### Problem description
Repeat the lines below exactly as written, please, from the line with "he DELEGATES of" to the line with "and Suffex on", both lines included, and no others.

________________________________________

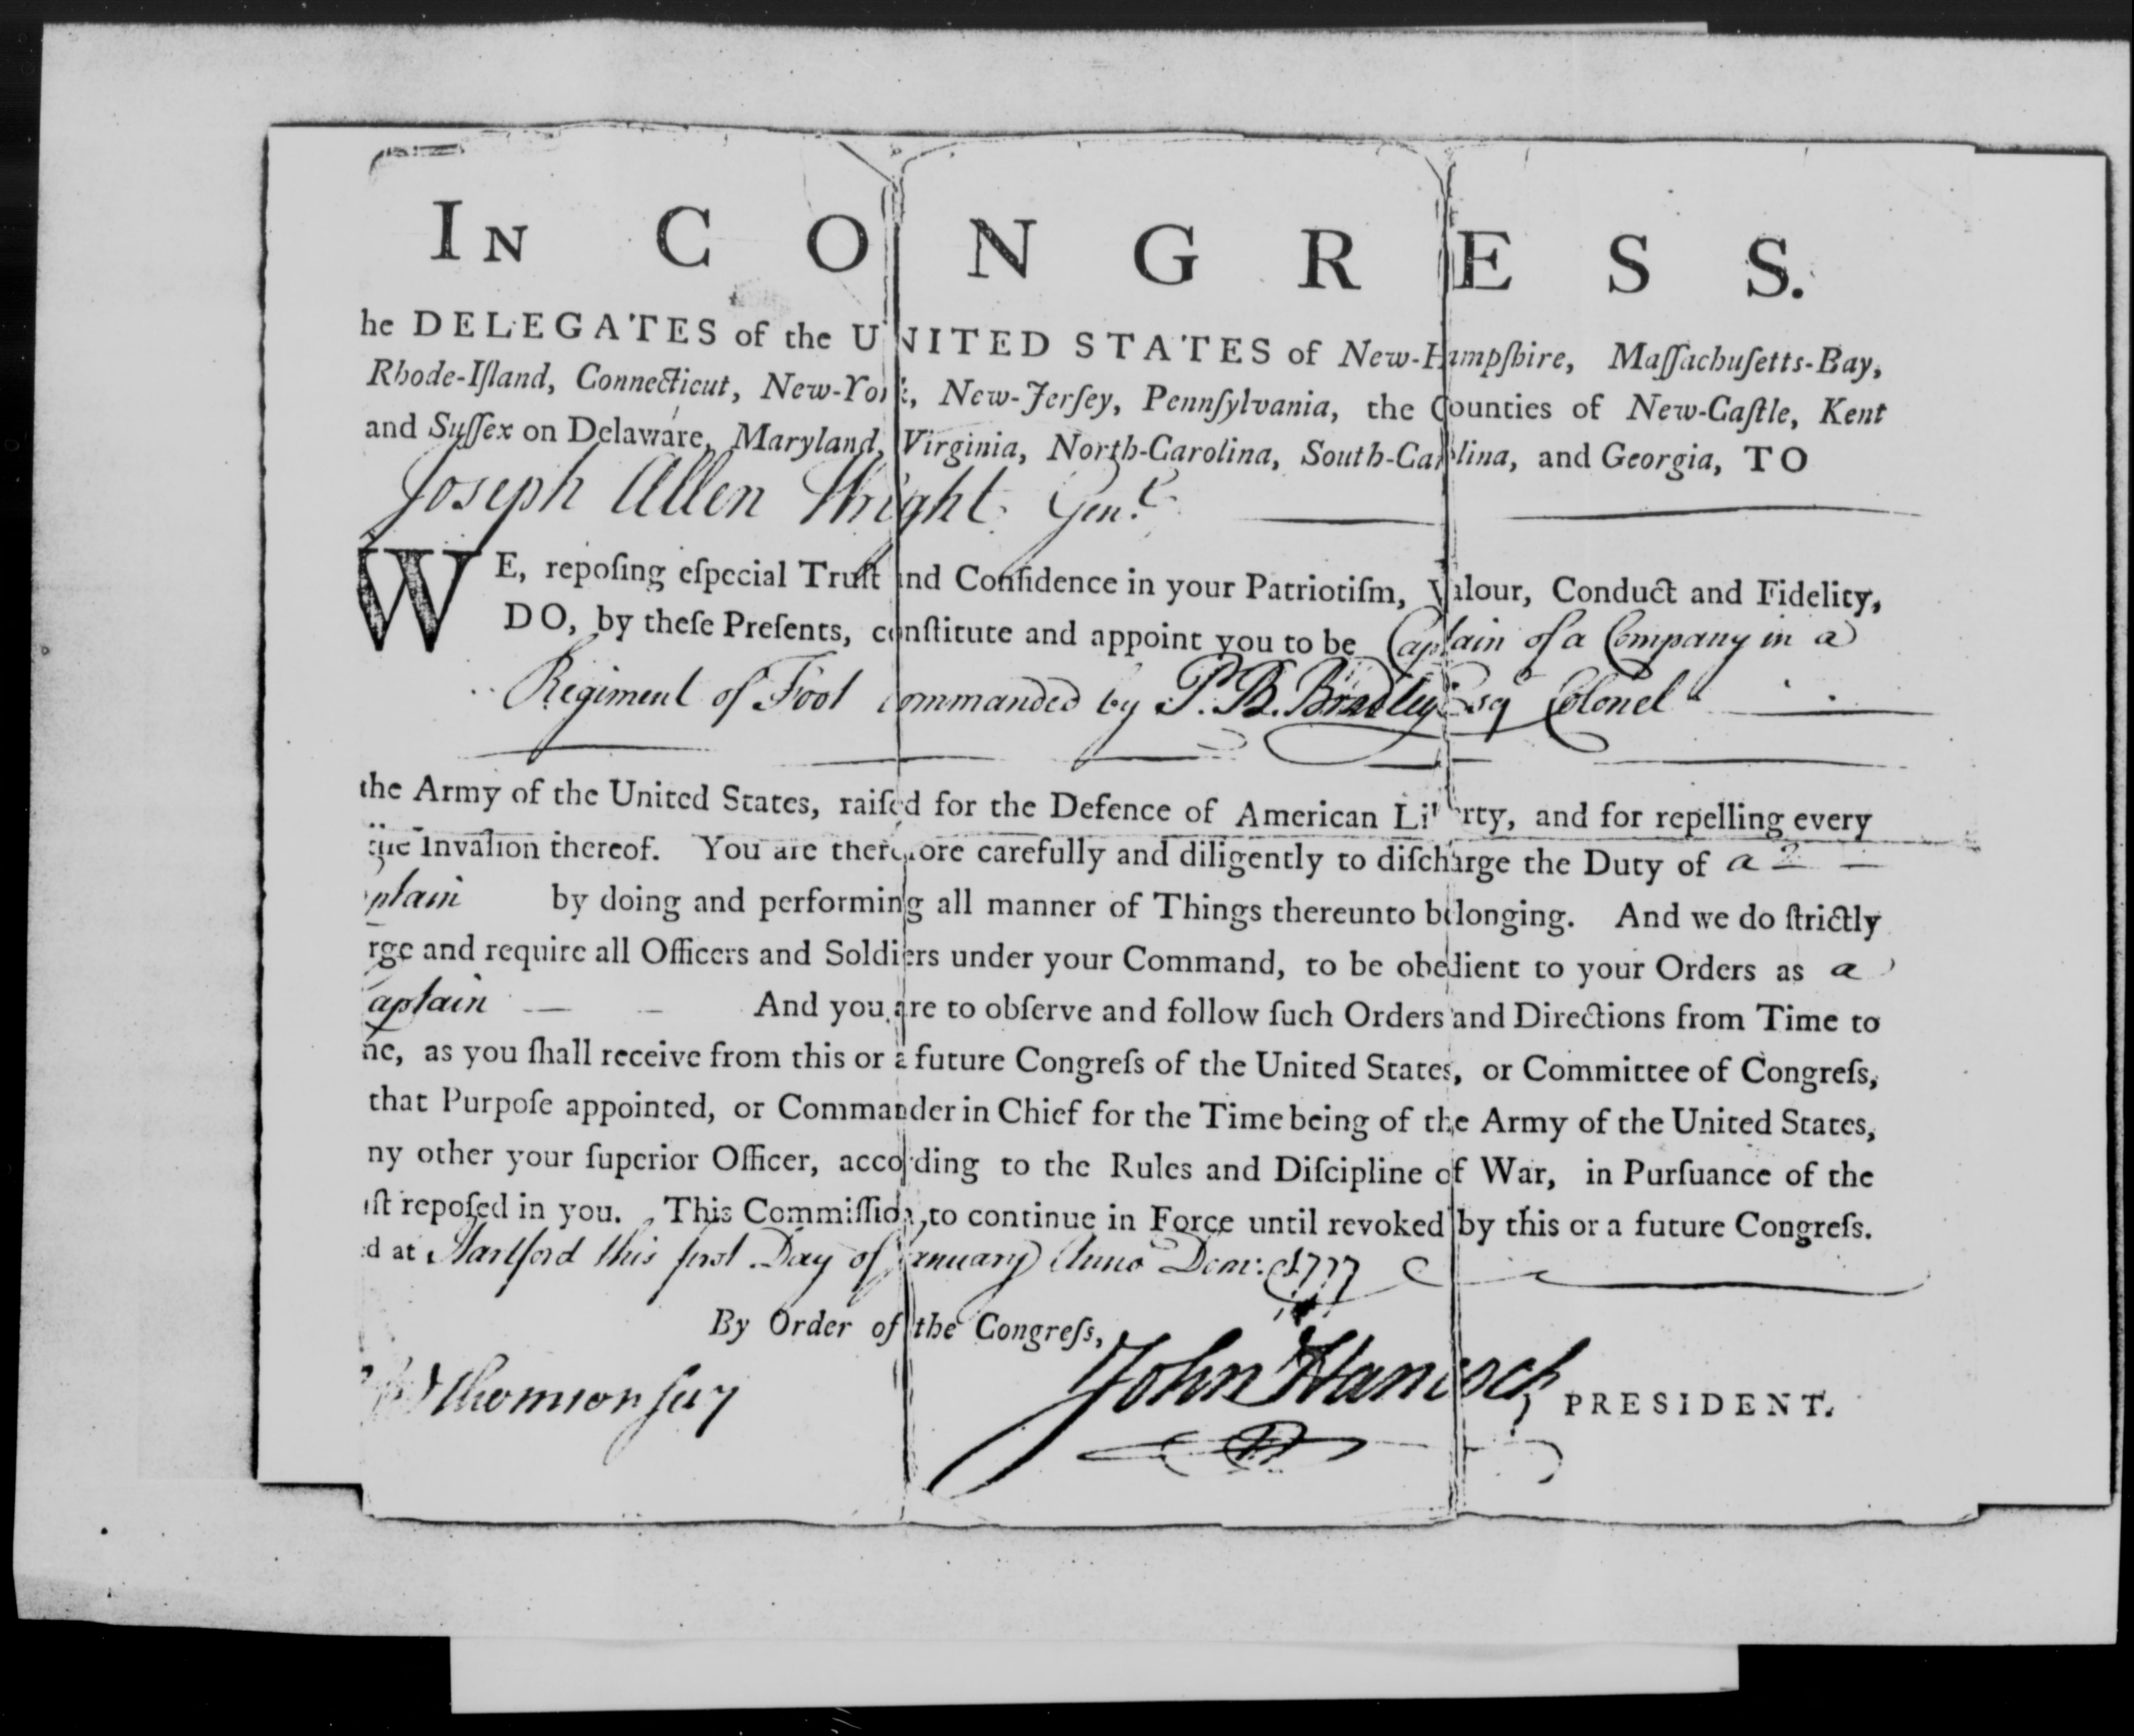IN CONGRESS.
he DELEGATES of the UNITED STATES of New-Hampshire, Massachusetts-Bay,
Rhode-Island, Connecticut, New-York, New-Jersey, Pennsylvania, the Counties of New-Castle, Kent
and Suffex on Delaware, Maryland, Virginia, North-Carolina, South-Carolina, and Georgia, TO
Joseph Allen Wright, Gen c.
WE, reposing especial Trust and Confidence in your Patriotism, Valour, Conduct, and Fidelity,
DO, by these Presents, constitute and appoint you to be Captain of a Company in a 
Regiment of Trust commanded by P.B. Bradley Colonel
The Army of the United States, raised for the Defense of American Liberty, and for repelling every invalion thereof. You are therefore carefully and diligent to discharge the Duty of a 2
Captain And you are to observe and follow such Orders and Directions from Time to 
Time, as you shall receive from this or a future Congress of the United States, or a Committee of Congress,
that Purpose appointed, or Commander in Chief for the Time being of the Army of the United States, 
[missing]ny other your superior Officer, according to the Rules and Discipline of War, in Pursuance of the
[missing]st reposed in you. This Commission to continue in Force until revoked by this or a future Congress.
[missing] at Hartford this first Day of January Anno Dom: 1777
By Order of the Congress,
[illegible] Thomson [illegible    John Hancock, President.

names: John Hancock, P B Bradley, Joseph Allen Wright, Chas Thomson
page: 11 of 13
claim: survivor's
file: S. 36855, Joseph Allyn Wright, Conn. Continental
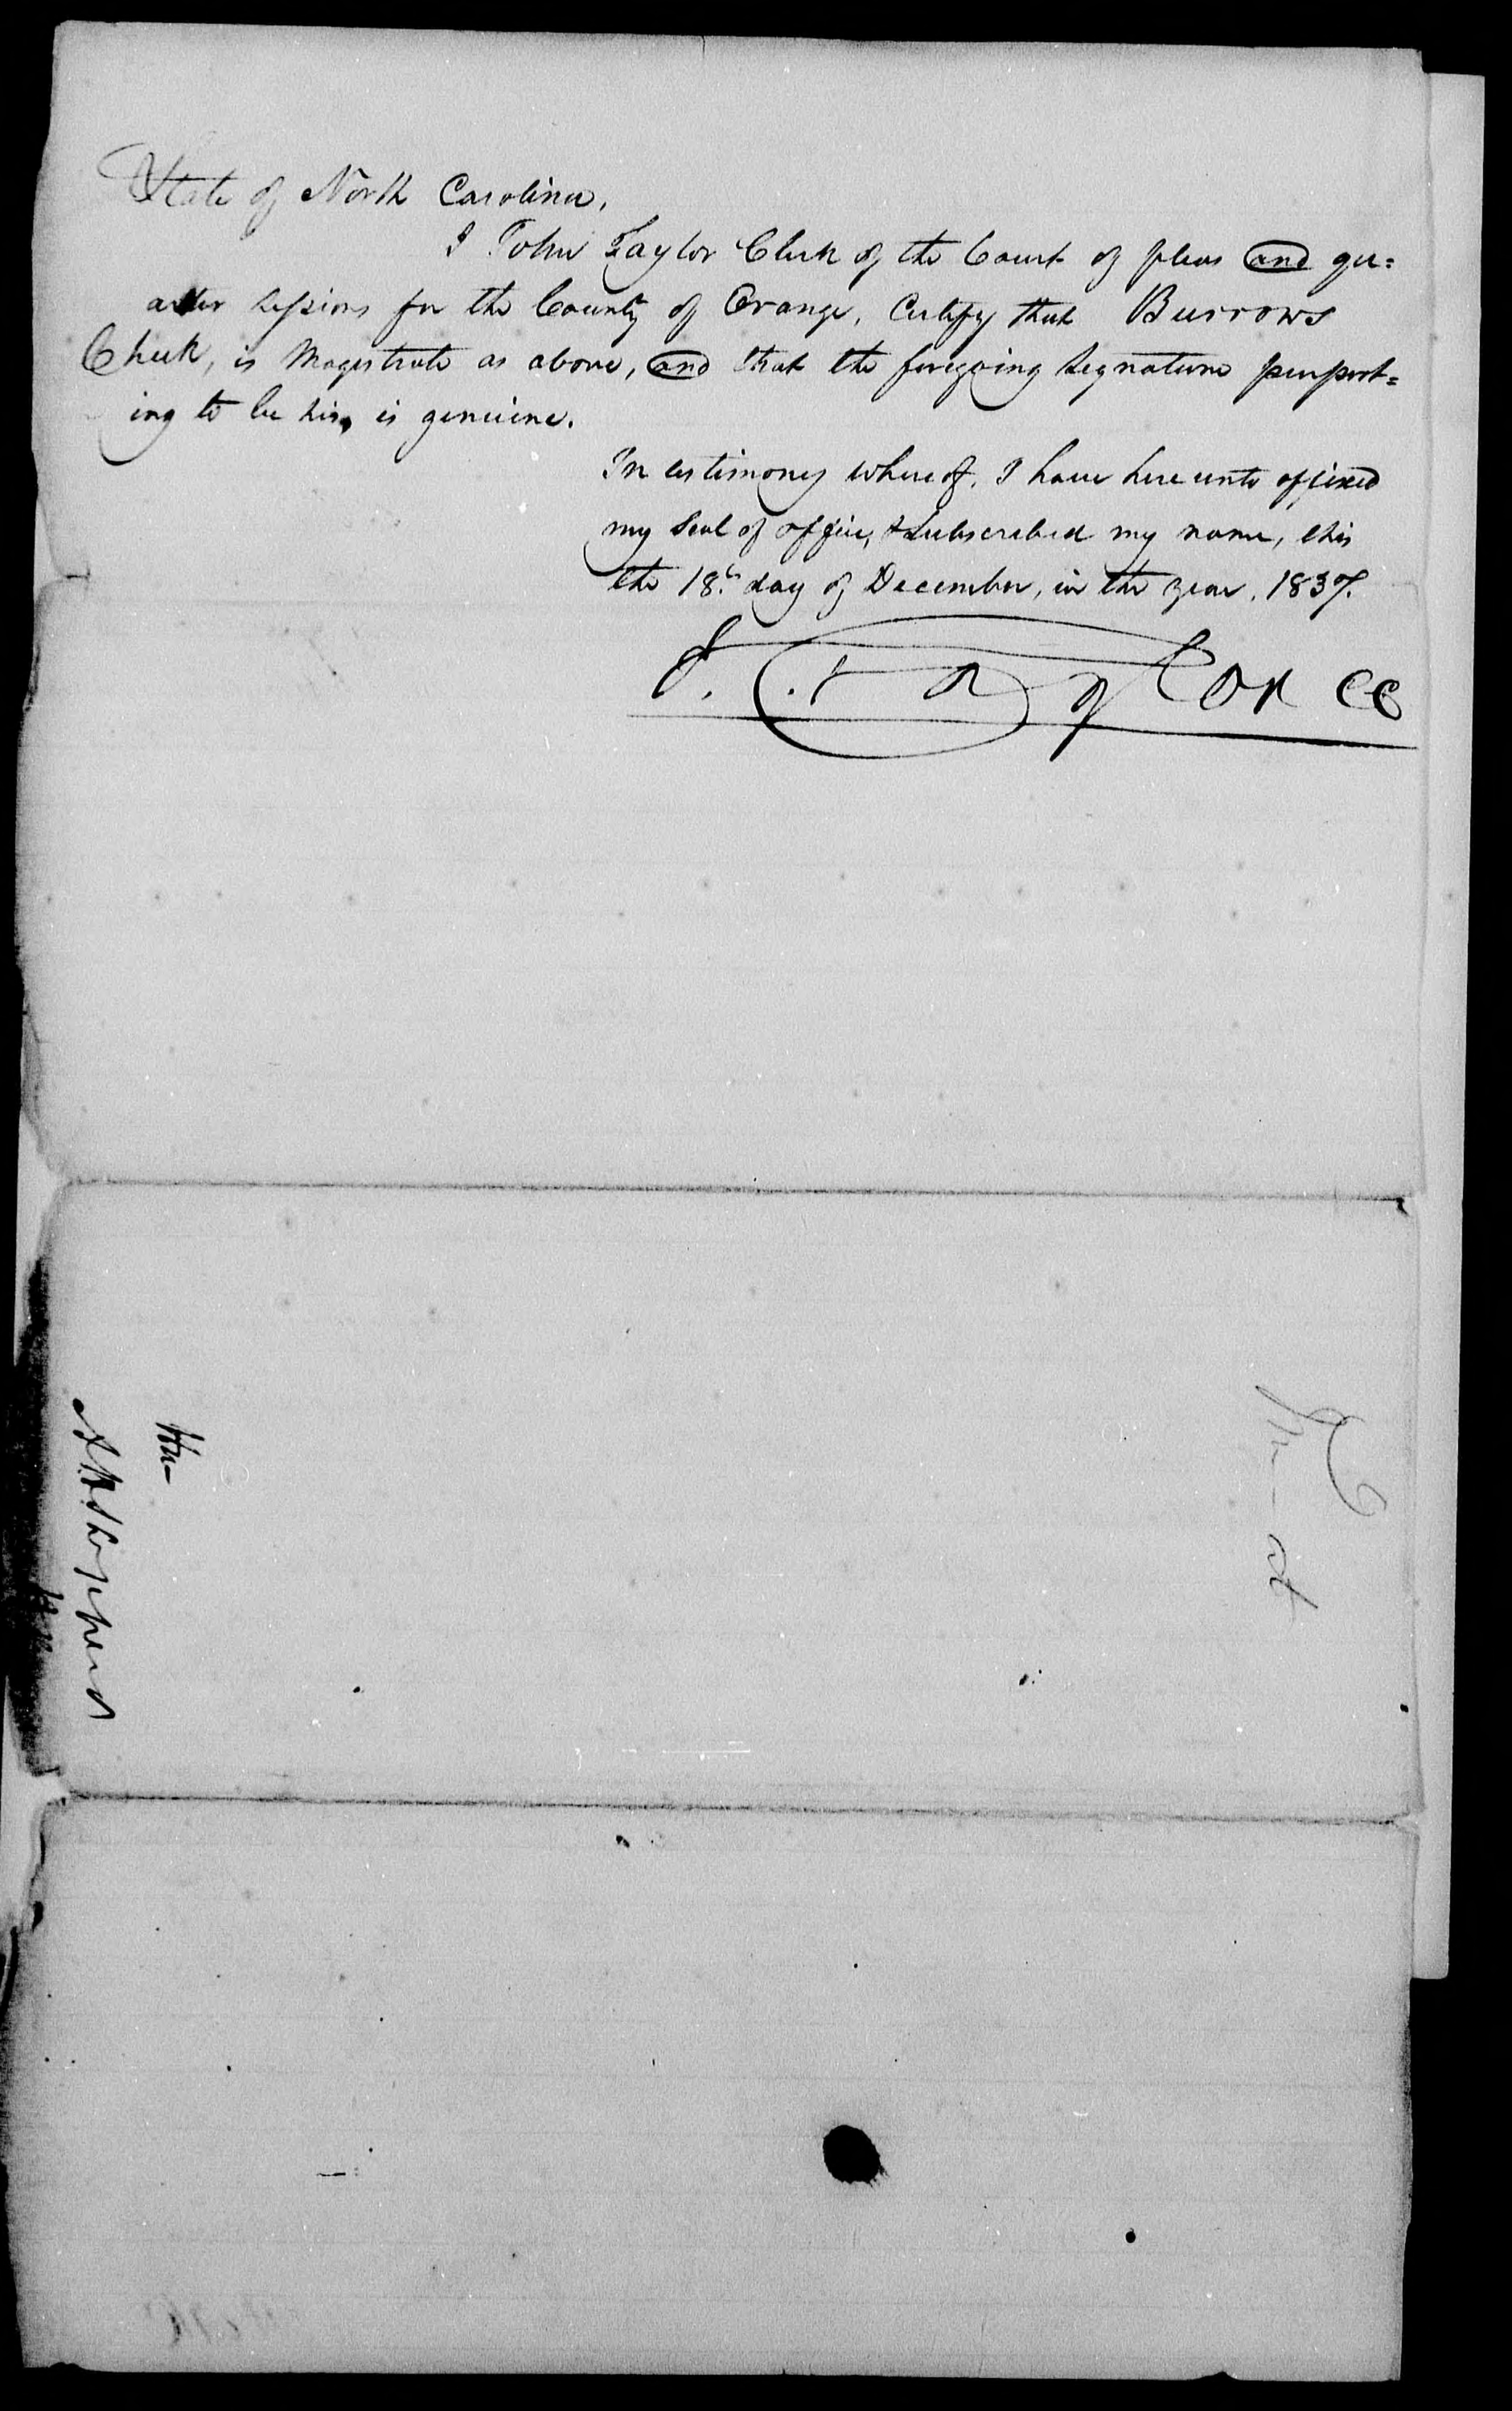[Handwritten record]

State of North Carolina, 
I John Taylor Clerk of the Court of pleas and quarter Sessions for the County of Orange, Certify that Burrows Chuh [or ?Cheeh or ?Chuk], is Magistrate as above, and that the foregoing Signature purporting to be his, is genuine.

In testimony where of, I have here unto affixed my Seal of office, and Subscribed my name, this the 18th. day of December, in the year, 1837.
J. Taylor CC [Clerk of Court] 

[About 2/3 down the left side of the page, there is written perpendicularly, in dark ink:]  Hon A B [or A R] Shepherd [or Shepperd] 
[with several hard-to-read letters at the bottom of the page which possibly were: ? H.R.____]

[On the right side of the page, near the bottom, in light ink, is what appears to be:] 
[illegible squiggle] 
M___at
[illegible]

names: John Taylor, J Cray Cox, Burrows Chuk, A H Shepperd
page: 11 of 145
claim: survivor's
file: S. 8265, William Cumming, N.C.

________________________________________

### Task answer
he DELEGATES of the UNITED STATES of New-Hampshire, Massachusetts-Bay,
Rhode-Island, Connecticut, New-York, New-Jersey, Pennsylvania, the Counties of New-Castle, Kent
and Suffex on Delaware, Maryland, Virginia, North-Carolina, South-Carolina, and Georgia, TO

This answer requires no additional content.